Exhibit (e)(10)
Y-MABS THERAPEUTICS, INC.
EXECUTIVE SEVERANCE PLAN
AND
SUMMARY PLAN DESCRIPTION
APPROVED BY
THE BOARD OF DIRECTORS: January 6, 2025
1. Introduction. The purpose of this Y-mAbs Therapeutics, Inc. Executive Severance Plan (the “Plan”) is to provide assurances of specified severance benefits to eligible executives of the Company whose employment is terminated by the Company or a successor under certain circumstances. This Plan is an “employee welfare benefit plan,” as defined in Section 3(1) of ERISA (as defined below). With the exception of certain definitions set forth below, this Plan shall supersede any individual agreement between the Company and any Covered Employee (as defined below) and any other plan, policy or practice, whether written or unwritten, maintained by the Company with respect to a Covered Employee, in each case to the extent that such agreement, plan, policy or practice provides for equity acceleration or severance benefits upon the Covered Employee’s separation from the Company. This document constitutes both the written instrument under which the Plan is maintained and the required summary plan description for the Plan.
2. Definitions. For purposes of the Plan, the terms below are defined as follows:
2.1. “Administrator” means the Board or Compensation Committee prior to a Change in Control; or, after a Change in Control, one or more members of the successor Board or Compensation Committee or other persons designated by the Company’s Board or Compensation Committee prior to such Change in Control.
2.2. “Board” means the Board of Directors of the Company.
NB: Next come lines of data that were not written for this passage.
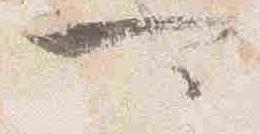
可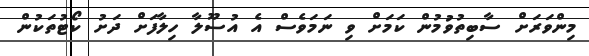
މިންވަރަށް ސާބިތުވުމުން ކަމަށް ވި ނަމަވެސް އެ އުސޫލާ ހިލާފަށް ދަށު ކޯޓުތަކުން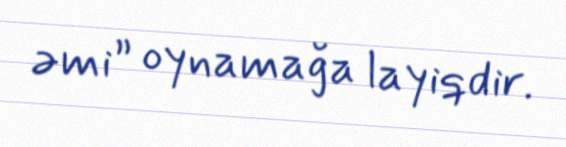
əmi” oynamağa layiqdir.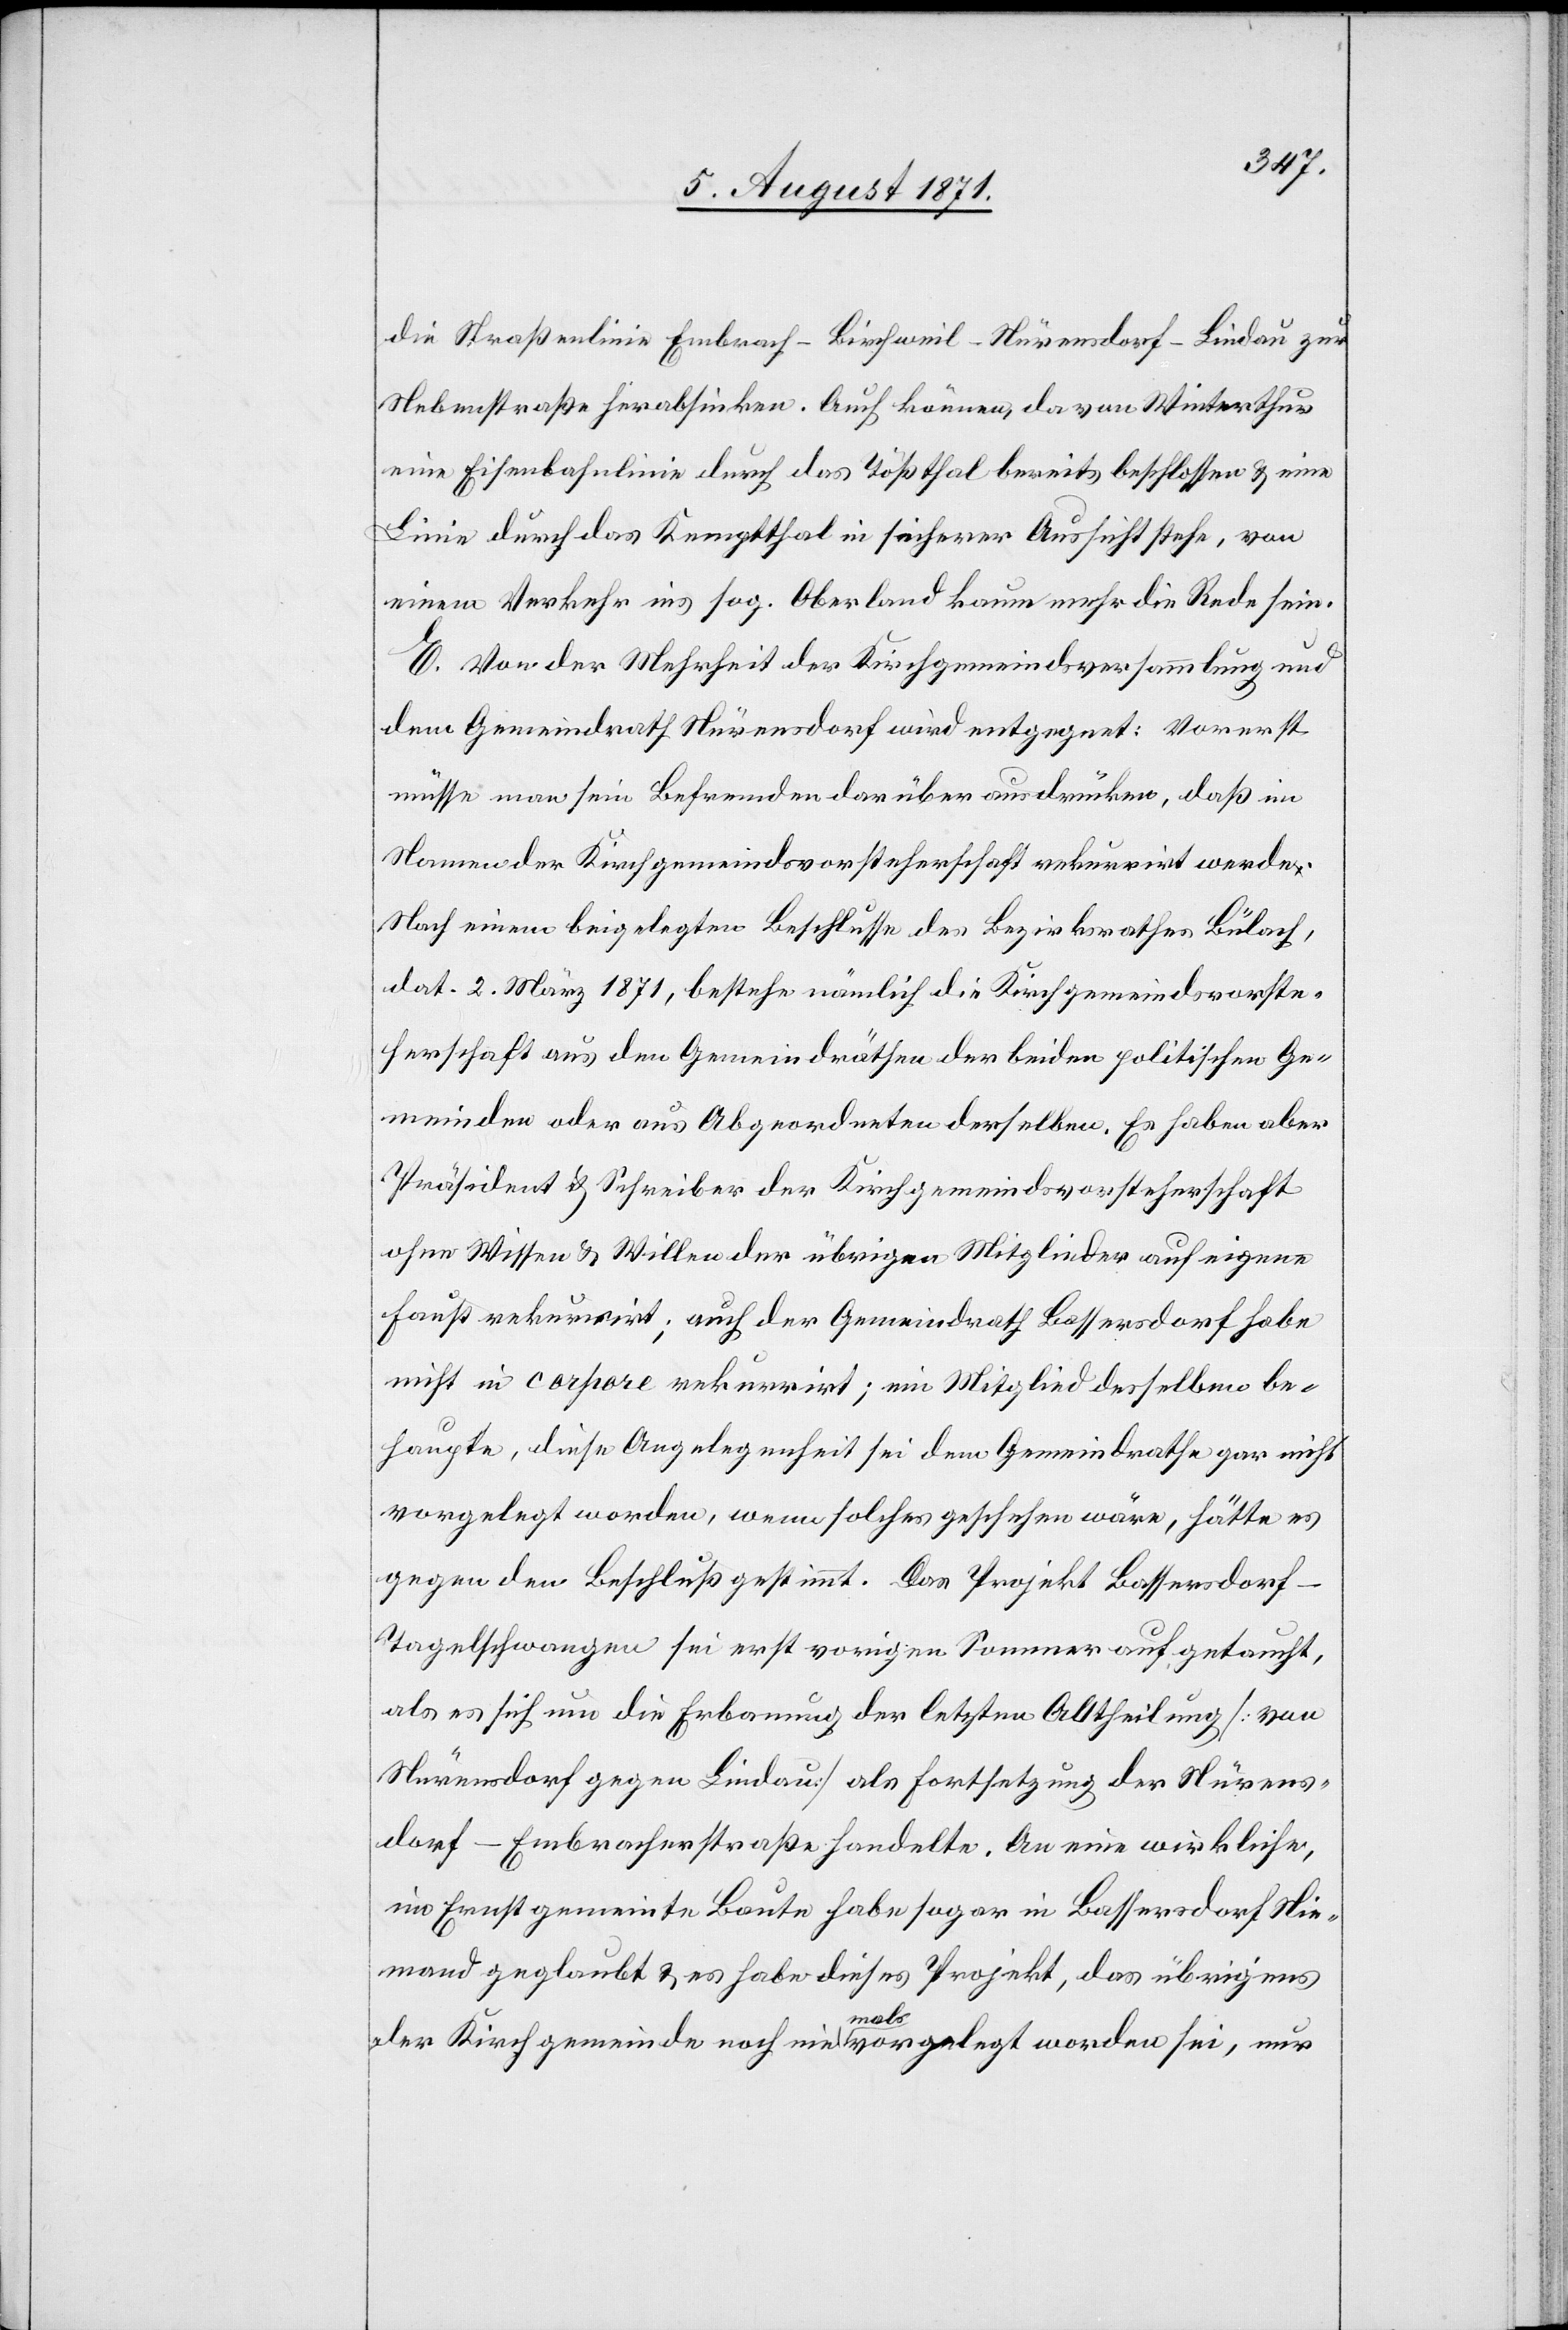
die Straßenlinie Embrach–Birchweil–Nürensdorf–Lindau zur
Nebenstraße herabsinken. Auch können, da von Winterthur
eine Eisenbahnlinie durch das Tößthal bereits beschlossen u. eine
Linie durch das Kemptthal in sicherer Aussicht stehe, von
einem Verkehr ins sog. Oberland kaum mehr die Rede sein.
E. Von der Mehrheit der Kirchgemeindsversammlung und
dem Gemeindrath Nürensdorf wird entgegnet: Vorerst
müsse man sein Befremden darüber ausdrücken, daß im
Namen der Kirchgemeindsvorsteherschaft rekurrirt werde.
Nach einem beigelegten Beschlusse des Bezirksrathes Bülach,
dat. 2. März 1871, bestehe nämlich die Kirchgemeindsvorste¬
herschaft aus den Gemeindräthen der beiden politischen Ge¬
meinden oder aus Abgeordneten derselben. Es haben aber
Präsident u. Schreiber der Kirchgemeindsvorsteherschaft
ohne Wissen u. Willen der übrigen Mitglieder auf eigene
Faust rekurrirt; auch der Gemeindrath Bassersdorf habe
nicht in corpore rekurrirt; ein Mitglied desselben be¬
haupte, diese Angelegenheit sei dem Gemeindrathe gar nicht
vorgelegt worden, wenn solches geschehen wäre, hätte es
gegen den Beschluß gestimmt. Das Projekt Bassersdorf–T¬
agelschwangen sei erst vorigen Sommer aufgetaucht,
als es sich um die Erbauung der letzten Abtheilung [von
Nürensdorf gegen Lindau] als Fortsetzung der Nürens¬
dorf–Embracherstraße handelte. An eine wirkliche,
im Ernst gemeinte Baute habe sogar in Bassersdorf Nie¬
mand geglaubt u. es habe dieses Projekt , das übrigens
der Kirchgemeinde noch niemals vorgelegt worden sei, nur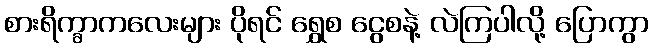
စားရိက္ခာကလေးများ ပိုရင် ရွှေစ ငွေစနဲ့ လဲကြပါလို့ ပြောကွာ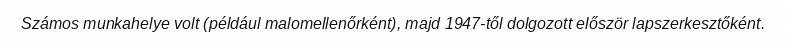
Számos munkahelye volt (például malomellenőrként), majd 1947-től dolgozott először lapszerkesztőként.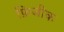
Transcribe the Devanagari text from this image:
फ़िजीक

2.3. “Cause” has the meaning ascribed to such term in any written agreement between a Covered Employee and the Company or any Affiliate of the Company defining such term and, in the absence of such agreement, such term means, with respect to a Covered Employee, the occurrence of any of the following events: (i) the Covered Employee’s commission of any felony or crime involving dishonesty; (ii) the Covered Employee’s participation in any fraud against the Company; (iii) the material breach of the Covered Employee’s duties to the Company of a nature or severity that the Company determines in its sole but reasonable discretion warrants immediate termination; (iv) the Covered Employee’s persistent unsatisfactory performance of job duties after written notice from the Company and at least thirty (30) days opportunity to cure (if deemed curable in the sole but reasonable discretion of the Company); (v) the Covered Employee’s intentional damage to any property of the Company of a material nature; (vi) the Covered Employee’s misconduct, or other violation of Company policy that causes substantial or lasting harm; (vii) the Covered Employee’s material breach of any written agreement with the Company that continues uncured for thirty (30) days; and (viii) conduct by the Covered Employee which in the good faith and reasonable determination of the Company demonstrates gross unfitness to serve.
2.4. “Change in Control” has the meaning ascribed to such term in the Equity Incentive Plan.
2.5. “Change in Control Period” means the time period commencing on the effective date of a Change in Control and ending on the first anniversary of the effective date of such Change in Control.
2.6. “COBRA” means the Consolidated Omnibus Budget Reconciliation Act of 1985, as amended.
2.7. “Code” means the Internal Revenue Code of 1986, as amended, including any applicable regulations and guidance thereunder.
2.8. “Company” means Y-mAbs Therapeutics, Inc., a Delaware corporation, and any successor.
2.9. “Compensation Committee” means the Compensation Committee of the Board.